If the amount of stars all over the poster don’t catch your eye for The Kite Runner at Liverpool Playhouse then the fact it’s a follow on from its West End run that is described as ‘outstanding’ certainly will. It’s a first for myself and I entered tonight’s performance with a brief understanding of the plot from research. It was a blank canvas for them to paint and after reading such rave reviews I was expecting nothing less than the Mona Lisa.

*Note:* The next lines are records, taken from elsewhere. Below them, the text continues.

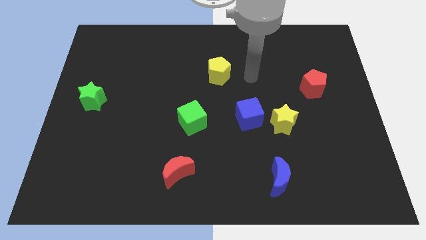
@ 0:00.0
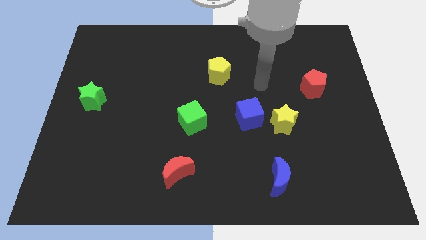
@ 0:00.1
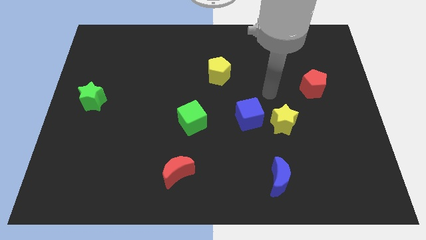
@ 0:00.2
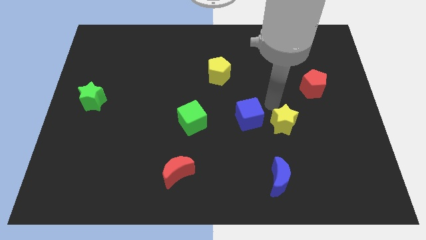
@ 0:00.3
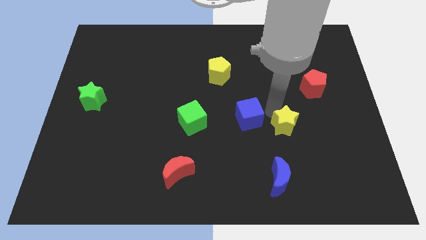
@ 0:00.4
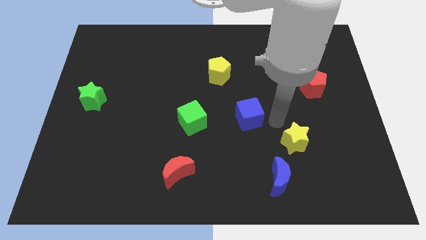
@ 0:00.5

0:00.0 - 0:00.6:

The Kite Runner is a stage adaptation based on the international best selling novel by Khaled Hossein that sold 31.5 million copies worldwide and later went on to be a major feature film that was nominated for two golden globe awards. Adapted by Matthew Spangler, it tells the story of friendship between Amir and Hassan. Act 1 takes us through the development of their relationship as friends but also has an emphasis on power and status as Hassan is a servant along with his farther to Amir and his farther. We are also shown themes of guilt, loyalty and sacrifice - resulting in a jaw dropping twist that I was not prepared for before having not watched the show or read the book (it’s a tear-jerker).

It has to be said that this act was strong, engaging and powerful. Hassan is portrayed by Jo Ben Ayed and his characterisation to display the youth in Hassan is fantastic, even down to the body language, vocal play and other small details. Act 2 takes us on the journey of Amir and his farther, having fled their country and again provides another shock twist. The portrayal of Amir is done with perfect conviction and delivery by Raj Ghatak. I did feel that Act 2 was slightly too prolonged for me and I felt it could have been done with the same amount of energy in less time. Nevertheless, as a whole it was brilliant to watch as a first time audience member.

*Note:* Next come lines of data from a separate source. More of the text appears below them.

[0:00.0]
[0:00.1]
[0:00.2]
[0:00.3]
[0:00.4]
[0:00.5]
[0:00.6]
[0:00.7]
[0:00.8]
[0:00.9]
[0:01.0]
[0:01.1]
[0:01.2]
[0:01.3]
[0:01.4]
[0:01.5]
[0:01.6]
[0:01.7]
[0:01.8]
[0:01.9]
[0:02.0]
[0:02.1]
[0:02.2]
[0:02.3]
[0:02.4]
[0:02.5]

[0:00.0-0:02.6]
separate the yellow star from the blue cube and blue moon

Tonight’s set design consisted of 2 Kite ‘wings’ which where cleverly incorporated into scenes with projected patterns on. Scene changes and transitions have to be commended for their slickness throughout the show. The kite scenes happened to be my personal favourite with the addition of a schwirrbogen. Also, the addition of the percussive music added to the scenes providing static tension in parts which enhanced the overall atmosphere through the use of Tibetan singing bowls - a really clever addition I thought. Hanif Khan played the tabla throughout and personally if was crucial to many scenes as it added another element and layer to the performance as a whole. It’s clear a lot of thought has gone into every element of this production and it’s paid off.

Overall, The Kite Runner is an engaging production that explores a variety of themes that will leave you wanting more.